Coiled tubing has operating limitations and it is necessary that
fluid pressure within the coiled tubing be within the operating
range of the coiled tubing. A fracturing fluid for a specific job
is selected based primarily on (1) the friction, (2) the surface
pressure limitation, (3) the safe operating limits of the coiled
tubing, (4) the desired fracture geometry, and (5) the
characteristics of the formation. The use of a fracturing fluid
having a low friction permits the utilization of a smaller diameter
coiled tubing in many instances, particularly at depths over 4,500
feet.
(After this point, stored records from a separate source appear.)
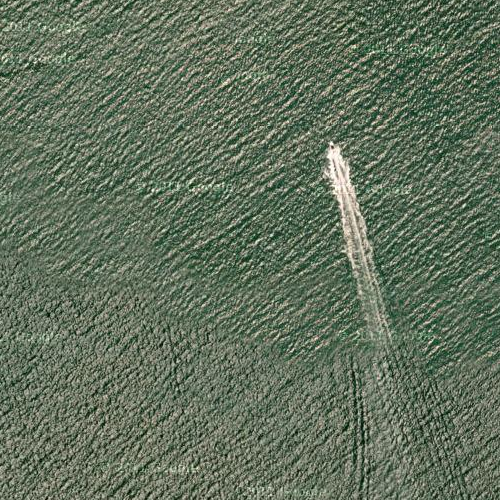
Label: sydney
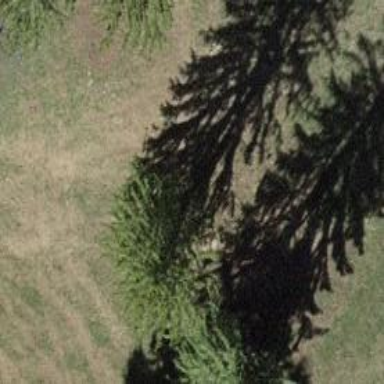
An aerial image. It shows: Evergreen tree with needle-leaved leaves.
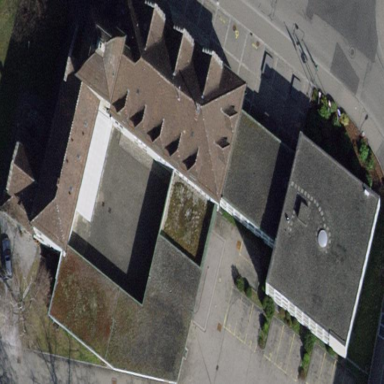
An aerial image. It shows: Courthouse building.
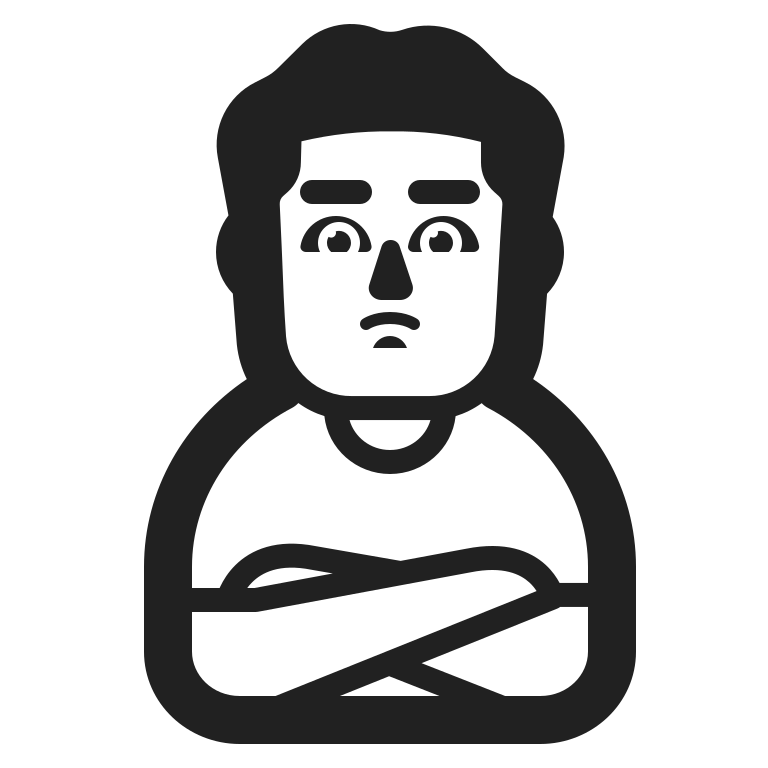
man pouting high contrast default
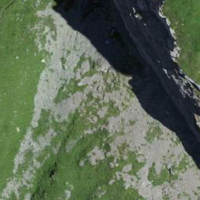
EUNIS habitat code: 26
Species observed at this site:
Aster amellus
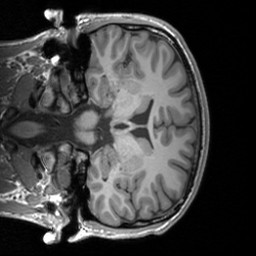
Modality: T1w
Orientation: coronal
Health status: healthy
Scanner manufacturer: siemens
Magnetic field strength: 3 T
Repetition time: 1.9 s
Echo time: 0.00226 s
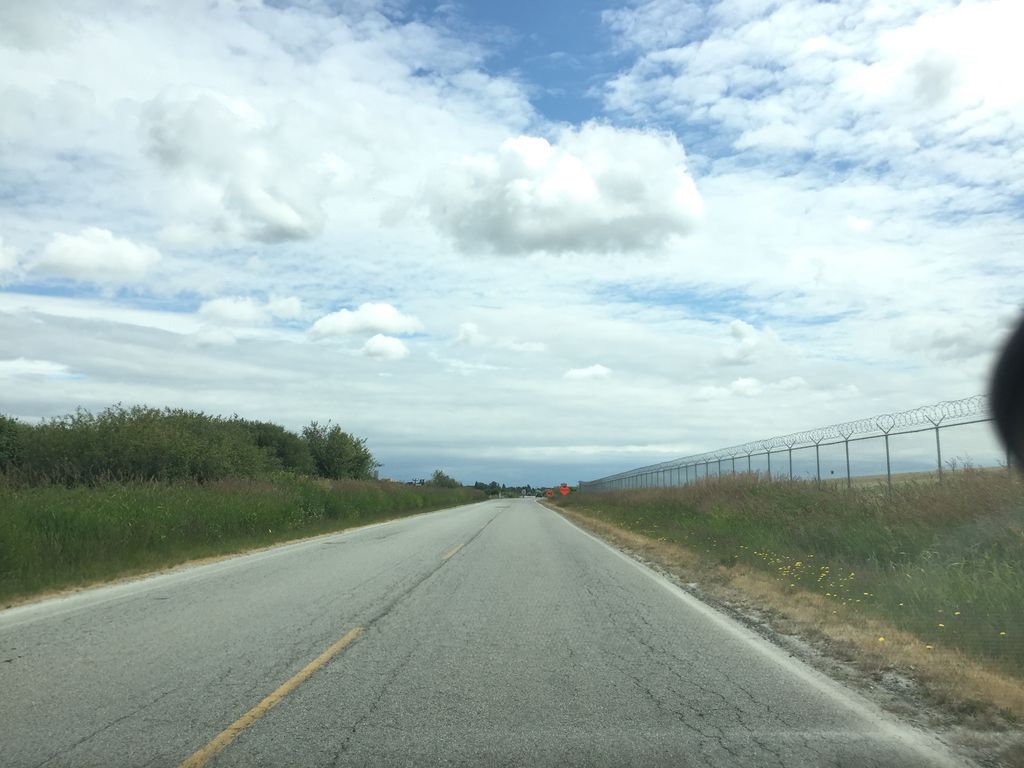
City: vancouver

For example, at formations at about 7,000 feet in depth, a
low friction fluid may be used for fracturing whereas a higher
friction fluid is generally limited to substantially shallower
formations.
Other features and advantages will be apparent from the following
specification and drawings.
BRIEF DESCRIPTION OF THE DRAWINGS
FIG. 1 is a schematic view of a typical multiple pay zone wellbore
showing perforating means suspended from coiled tubing for
perforating each of the pay zones of the wellbore in a single trip
of the coiled tubing;
FIG. 2 is a schematic view of the multiple pay zone wellbore shown
in FIG. 1 but showing coiled tubing suspending a bottom hole
assembly for hydraulic fracturing of each of the pay zones in
sequence from the lowermost pay zone to the uppermost pay zone and
showing the bottom hole assembly in position for hydraulic
fracturing of the lowermost pay zone;
FIG. 3 is an elevational view of a suitable bottom hole assembly
suspended from the coiled tubing for hydraulic fracturing of the
pay zones;
FIG. 4 is a schematic view similar to FIG. 2 but showing the bottom
hole assembly in position for hydraulic fracturing of the second
pay zone from the bottom of the wellbore with a sand plug within
the wellbore covering the perforations in the lowermost pay zone
which has been hydraulically fractured;
FIG. 5 is a schematic view of the wellbore shown in FIGS. 2 and 4
with the fracturing operation completed and sand within the
wellbore being washed out for production;
FIG. 6 is a schematic view of another embodiment of the invention
in which the coiled tubing fracturing process utilizes upper and
lower swab cups for isolating each of the pay zones in sequence
from the lowermost pay zone;
FIG. 7 is a schematic view of a further embodiment of the invention
in which the coiled tubing fracturing process utilizes only upper
swab cups for isolation of a pay zone with a sand plug utilized for
isolating the lower end of the zone after hydraulic fracturing;
FIG. 8 is a schematic view of a further embodiment illustrating the
coiled tubing fracturing process for a plurality of lateral bore
portions extending to pay zones from a single vertical borehole;
and
FIG. 9 is a schematic of another embodiment illustrating the coiled
tubing fracturing process for a horizontal borehole having a
plurality of separate pay zones.
DESCRIPTION OF THE INVENTION
This invention is directed particularly to a process of
hydraulically fracturing a multiple pay zone wellbore with coiled
tubing in one trip of the coiled tubing. The process also includes
the perforation of the multiple pay zones with a wireline or coiled
tubing prior to the hydraulic fracturing in a single pass of the
wireline as shown in FIG. 1.
A wellbore for an oil or gas well is generally indicated at 10 in
an earth formation 12 and has a casing 14 connected to a wellhead
generally indicated at 16. A coiled tubing string 18 is wound on a
reel 20 and extends from reel 20 over a gooseneck 22 to an injector
24 positioned over wellhead 16 for injecting the coiled tubing
string 18 through wellhead 16 within casing 14 as well known.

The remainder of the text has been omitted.